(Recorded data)

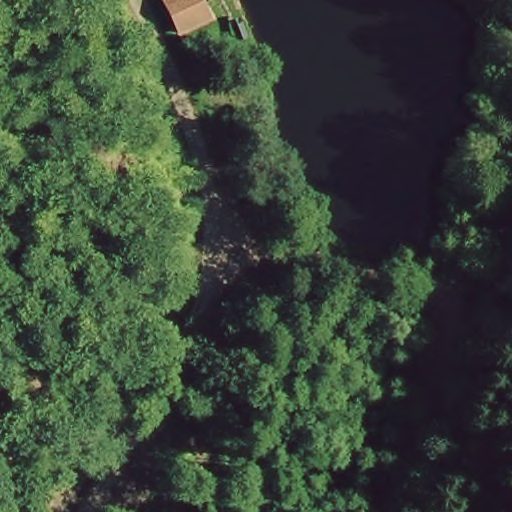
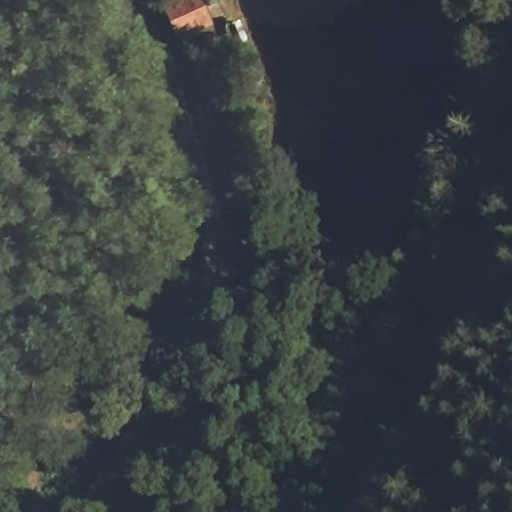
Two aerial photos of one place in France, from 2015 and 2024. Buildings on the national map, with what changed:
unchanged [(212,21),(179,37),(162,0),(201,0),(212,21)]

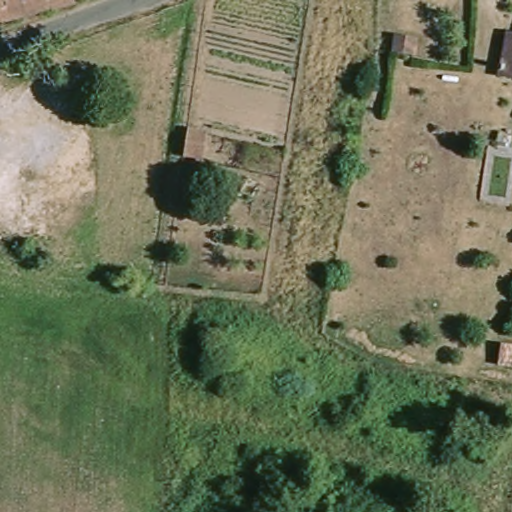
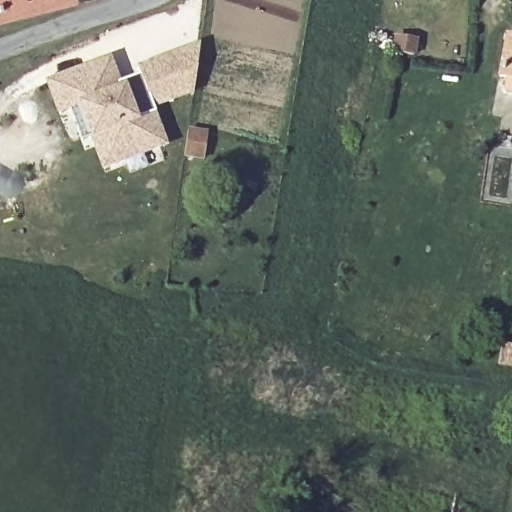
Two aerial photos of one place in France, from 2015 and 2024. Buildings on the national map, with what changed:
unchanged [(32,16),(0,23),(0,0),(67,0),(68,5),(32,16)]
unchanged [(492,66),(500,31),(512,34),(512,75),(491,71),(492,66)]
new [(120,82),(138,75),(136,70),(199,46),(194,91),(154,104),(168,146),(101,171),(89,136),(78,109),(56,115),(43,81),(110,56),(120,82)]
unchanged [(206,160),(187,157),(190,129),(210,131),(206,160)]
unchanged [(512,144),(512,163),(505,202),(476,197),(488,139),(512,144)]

■ HOW TO COMPLETE THIS TASK
Exactly as they appear above, print all the lines, but not the pictures.

■ ANSWER SPACE
Two aerial photos of one place in France, from 2015 and 2024. Buildings on the national map, with what changed:
unchanged [(212,21),(179,37),(162,0),(201,0),(212,21)]

Two aerial photos of one place in France, from 2015 and 2024. Buildings on the national map, with what changed:
unchanged [(32,16),(0,23),(0,0),(67,0),(68,5),(32,16)]
unchanged [(492,66),(500,31),(512,34),(512,75),(491,71),(492,66)]
new [(120,82),(138,75),(136,70),(199,46),(194,91),(154,104),(168,146),(101,171),(89,136),(78,109),(56,115),(43,81),(110,56),(120,82)]
unchanged [(206,160),(187,157),(190,129),(210,131),(206,160)]
unchanged [(512,144),(512,163),(505,202),(476,197),(488,139),(512,144)]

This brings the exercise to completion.